Another long-term plan is to develop on-site hydrogen production to power the facility’s fuel-cell forklifts, Mudd noted.

These initiatives and the manufacturing processes being adopted at the factory — in concert with Navistar’s ownership under the Traton umbrella — will come to help the company thrive in the future, said Navistar EVP for global manufacturing Mark Hernandez. “I believe that this plant is going to lay the foundation for the future for Navistar for many years to come,” he said. “We are under new ownership, and the sky’s the limit for us for how we can take advantage of the North American market.”

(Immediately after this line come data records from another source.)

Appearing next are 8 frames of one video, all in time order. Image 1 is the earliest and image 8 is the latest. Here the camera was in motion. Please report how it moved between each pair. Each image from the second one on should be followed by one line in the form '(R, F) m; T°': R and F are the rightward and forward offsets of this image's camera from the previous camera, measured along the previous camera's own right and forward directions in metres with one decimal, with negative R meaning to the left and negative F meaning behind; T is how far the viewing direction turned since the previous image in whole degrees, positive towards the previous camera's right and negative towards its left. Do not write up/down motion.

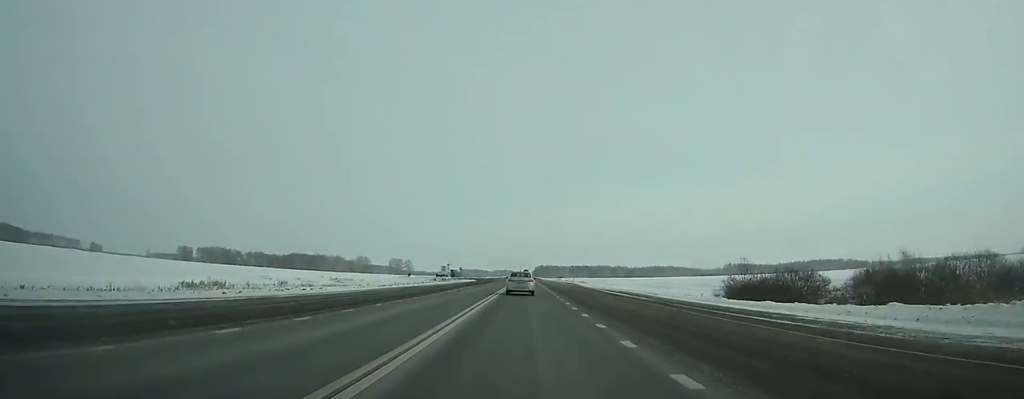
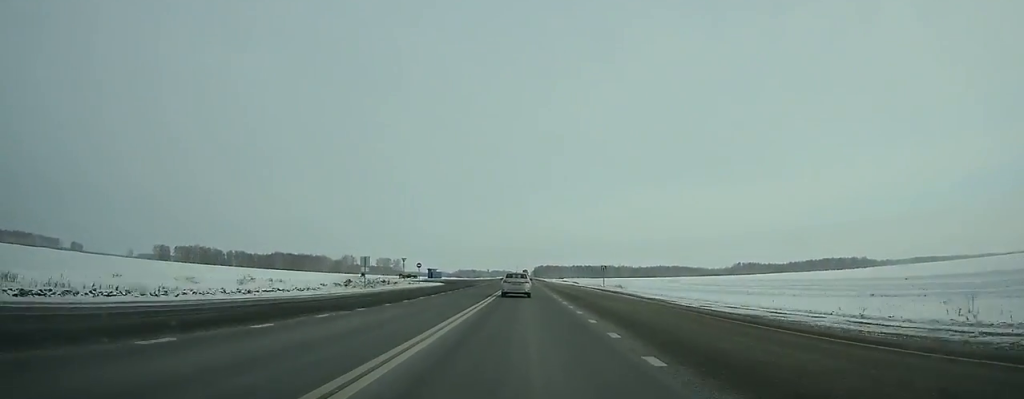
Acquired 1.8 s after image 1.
(+0.1, +50.1) m; 0°
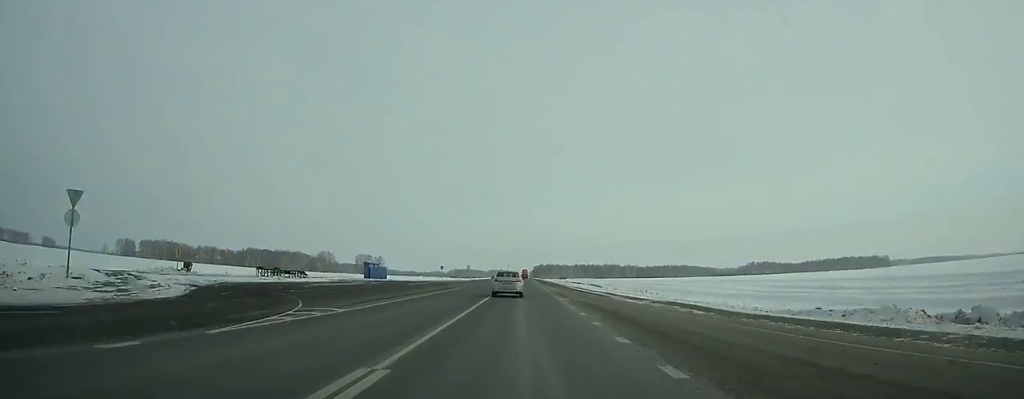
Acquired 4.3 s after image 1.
(-0.2, +68.3) m; 0°
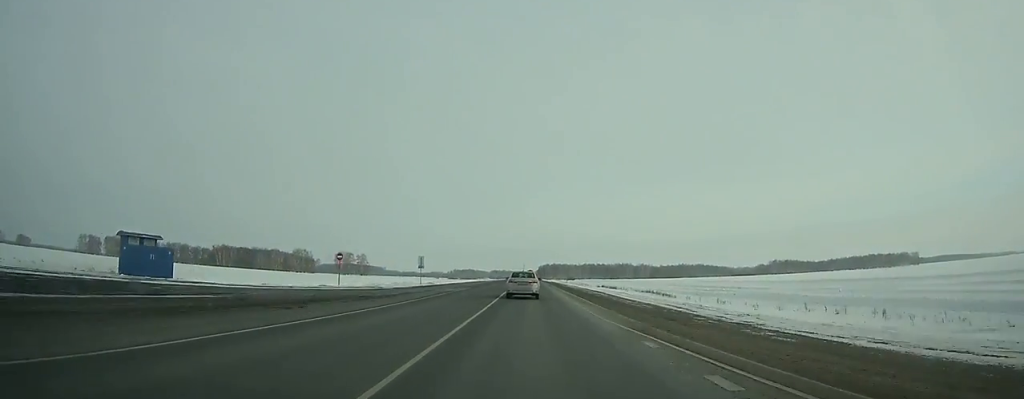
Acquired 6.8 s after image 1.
(+0.2, +67.1) m; 0°
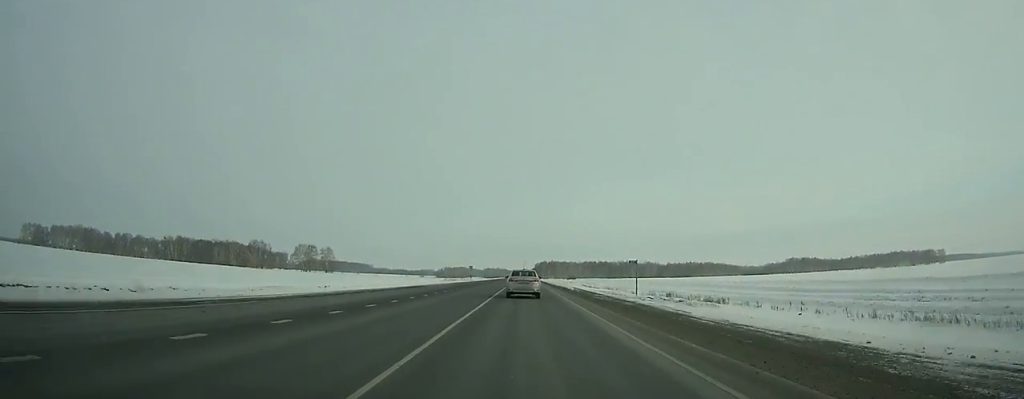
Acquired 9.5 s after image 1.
(+0.2, +71.6) m; 0°
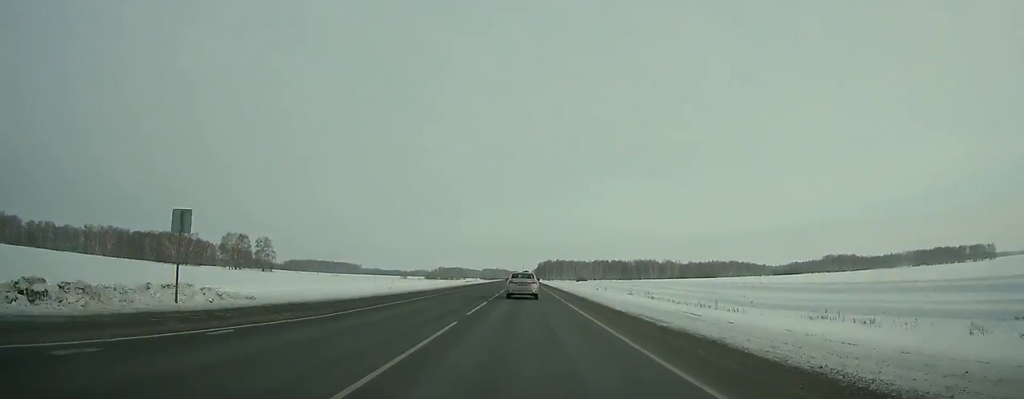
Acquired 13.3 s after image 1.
(+0.2, +100.1) m; 0°
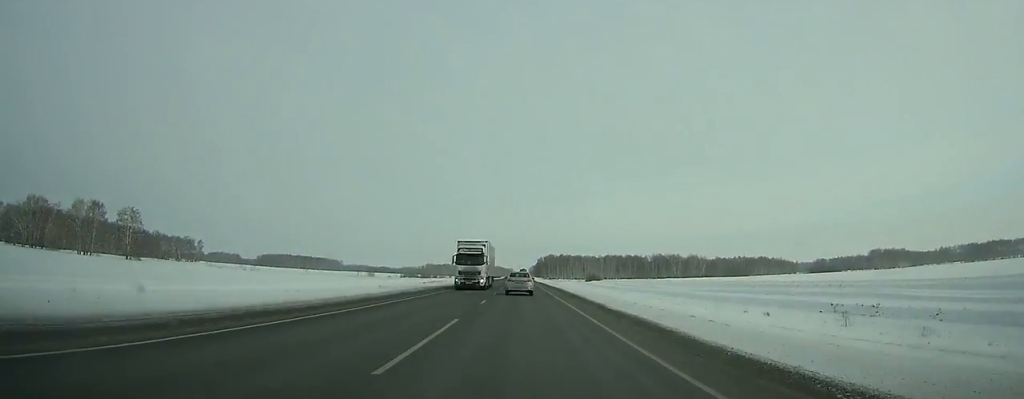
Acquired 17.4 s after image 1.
(-0.2, +108.8) m; 0°
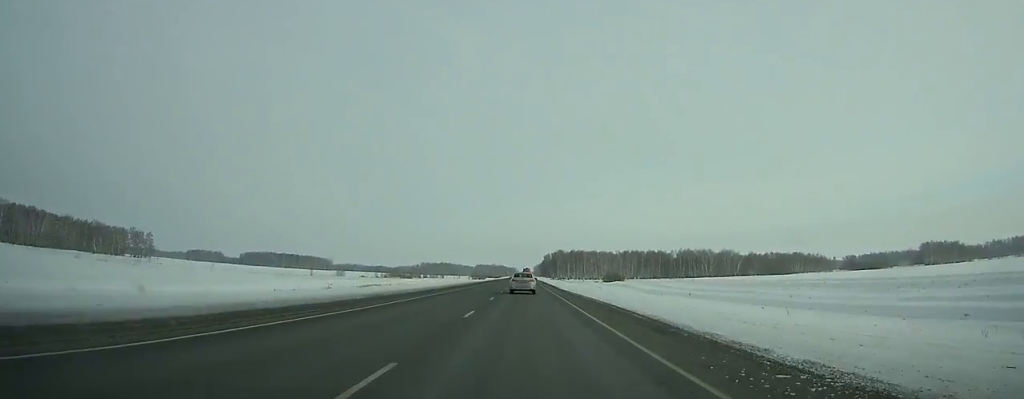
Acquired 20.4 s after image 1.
(-0.1, +81.1) m; 0°
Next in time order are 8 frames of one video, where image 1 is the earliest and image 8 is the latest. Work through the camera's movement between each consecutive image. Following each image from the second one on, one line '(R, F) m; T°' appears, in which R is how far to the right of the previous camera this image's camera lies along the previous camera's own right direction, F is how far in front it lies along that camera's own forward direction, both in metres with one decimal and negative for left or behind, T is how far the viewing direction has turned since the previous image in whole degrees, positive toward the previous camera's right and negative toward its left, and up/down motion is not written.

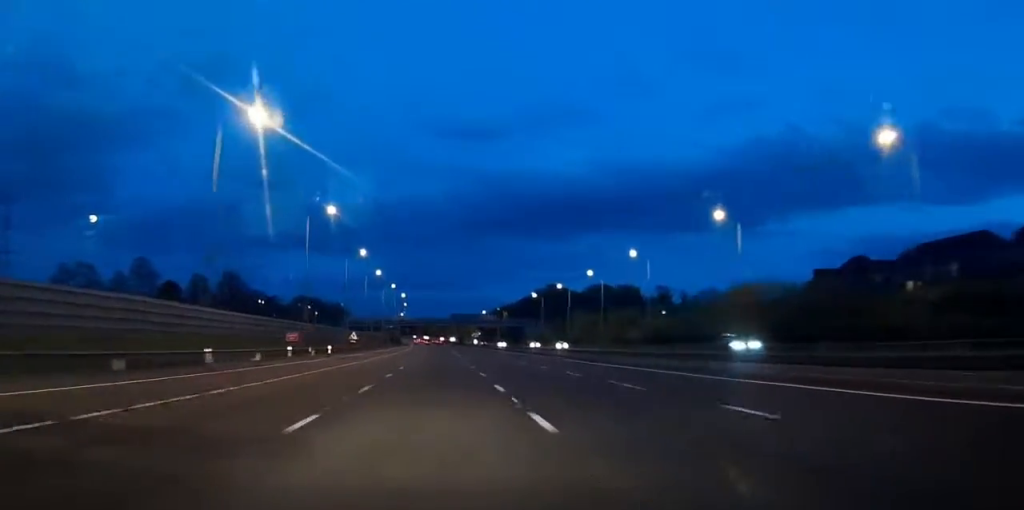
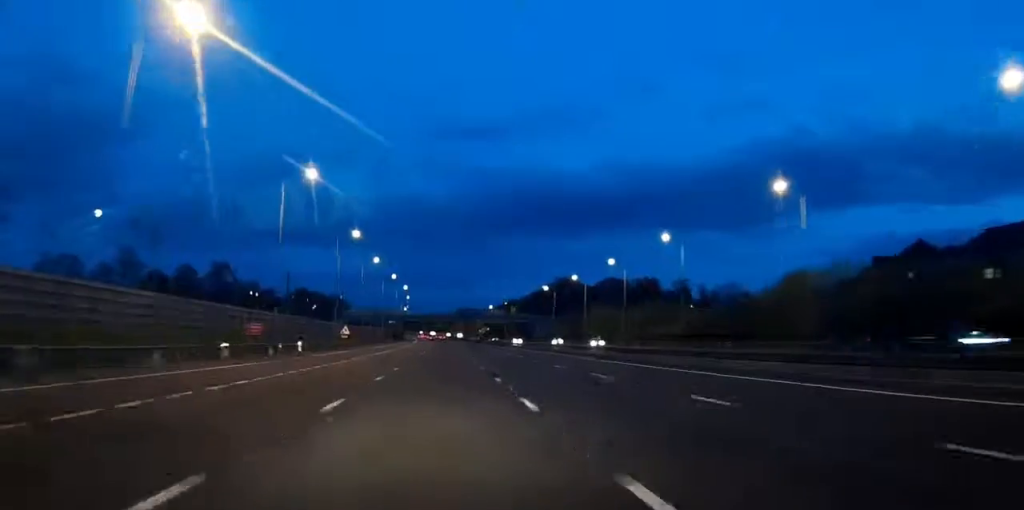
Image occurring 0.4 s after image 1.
(0.0, +15.3) m; 0°
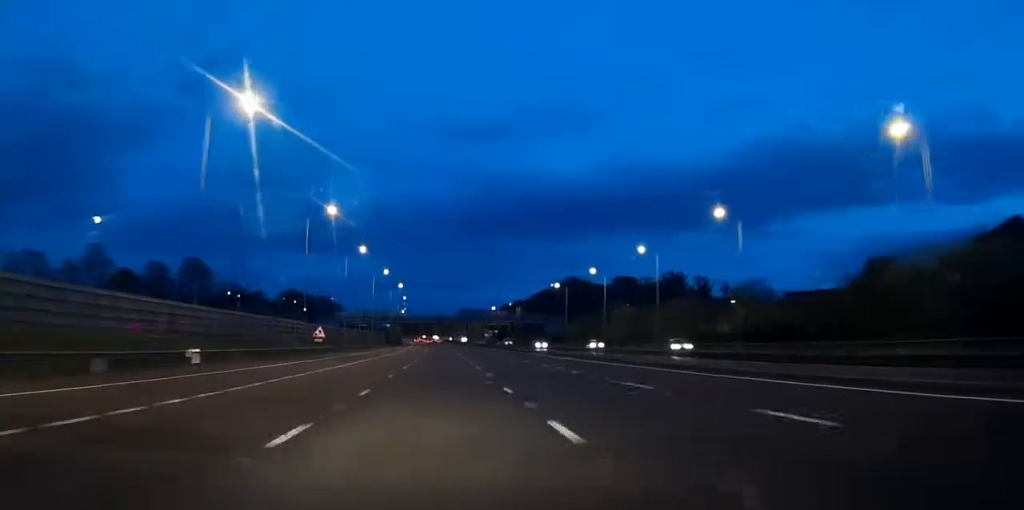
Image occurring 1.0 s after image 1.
(0.0, +21.7) m; 0°
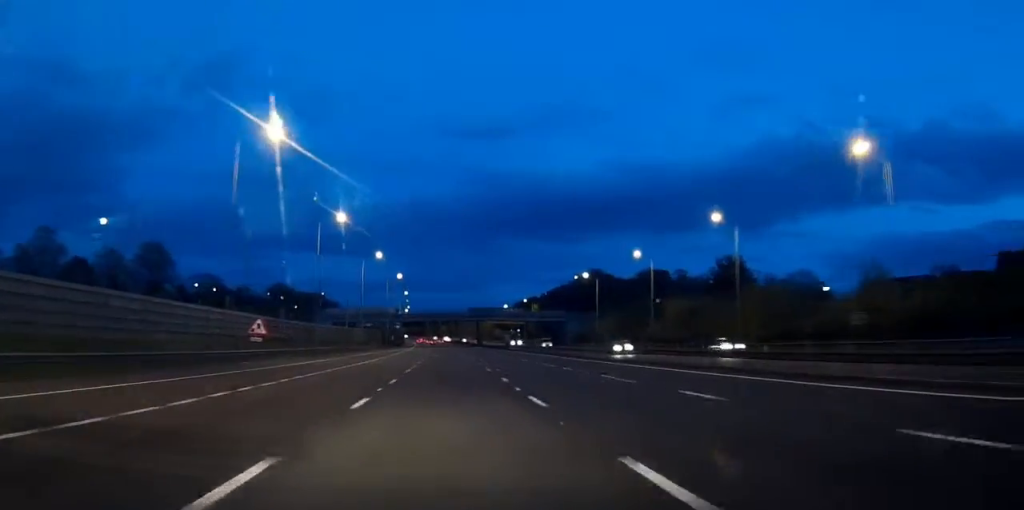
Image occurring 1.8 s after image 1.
(-0.1, +30.0) m; 0°
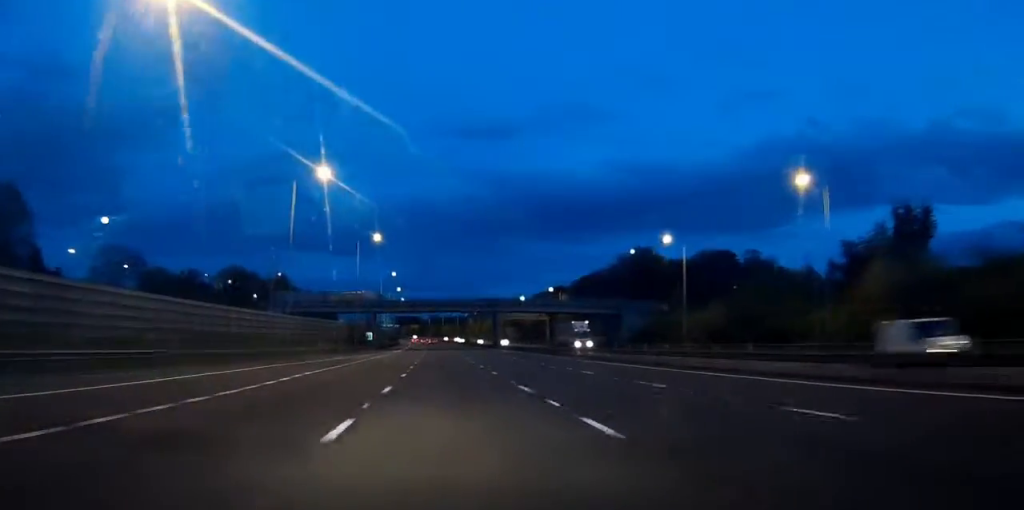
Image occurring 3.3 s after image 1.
(0.0, +58.7) m; 0°
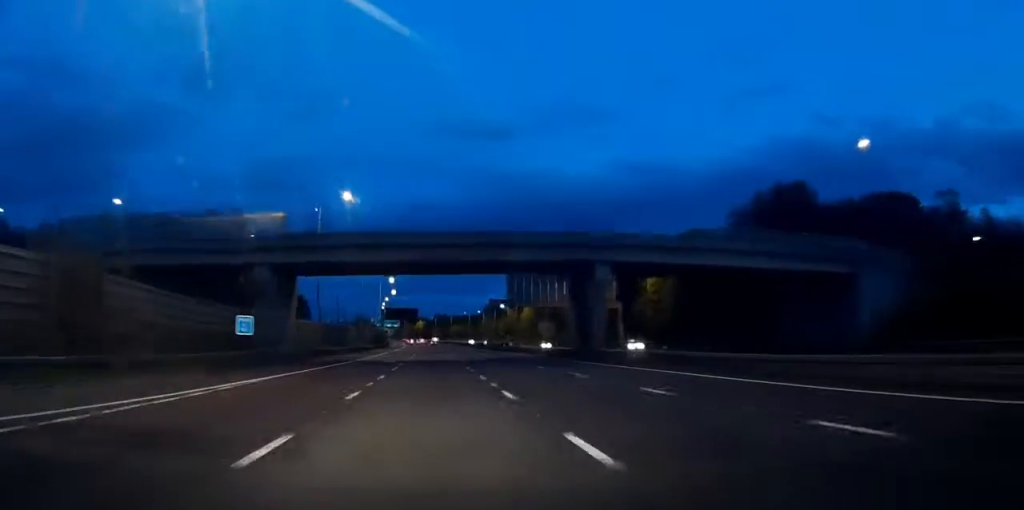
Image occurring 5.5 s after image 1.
(-0.4, +83.0) m; -1°
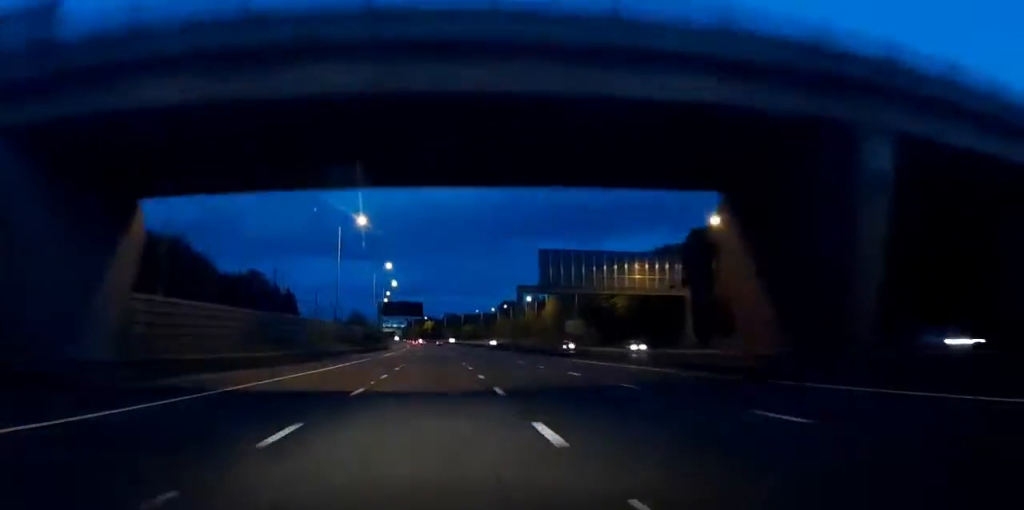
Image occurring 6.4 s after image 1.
(-0.1, +35.0) m; -1°
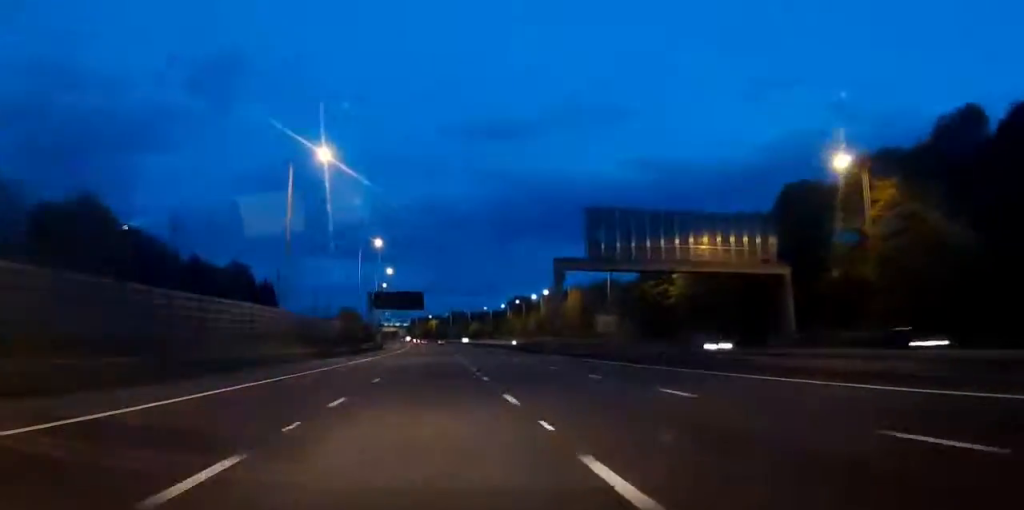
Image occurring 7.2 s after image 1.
(-0.3, +30.5) m; -1°

The company also touted the cooperation it received from local leaders, including San Antonio Mayor Ron Nirenberg, who during the event welcomed the company’s arrival in the city.

“We are here today — and I’m enjoying the new plant smell, by the way — celebrating the beginning of what will be a very long and prosperous relationship between Navistar and our San Antonio community,” he said, noting that the pandemic did not slow the company’s progress in getting the facility completed.

Carlbaum also touted the relationships that he believes will help propel the facility’s growth. “It's the people that make the difference,” he said, noting that during his visit for the ribbon-cutting he found in San Antonio “a very friendly , optimistic, ambitious and will [to] win in the people I have met.”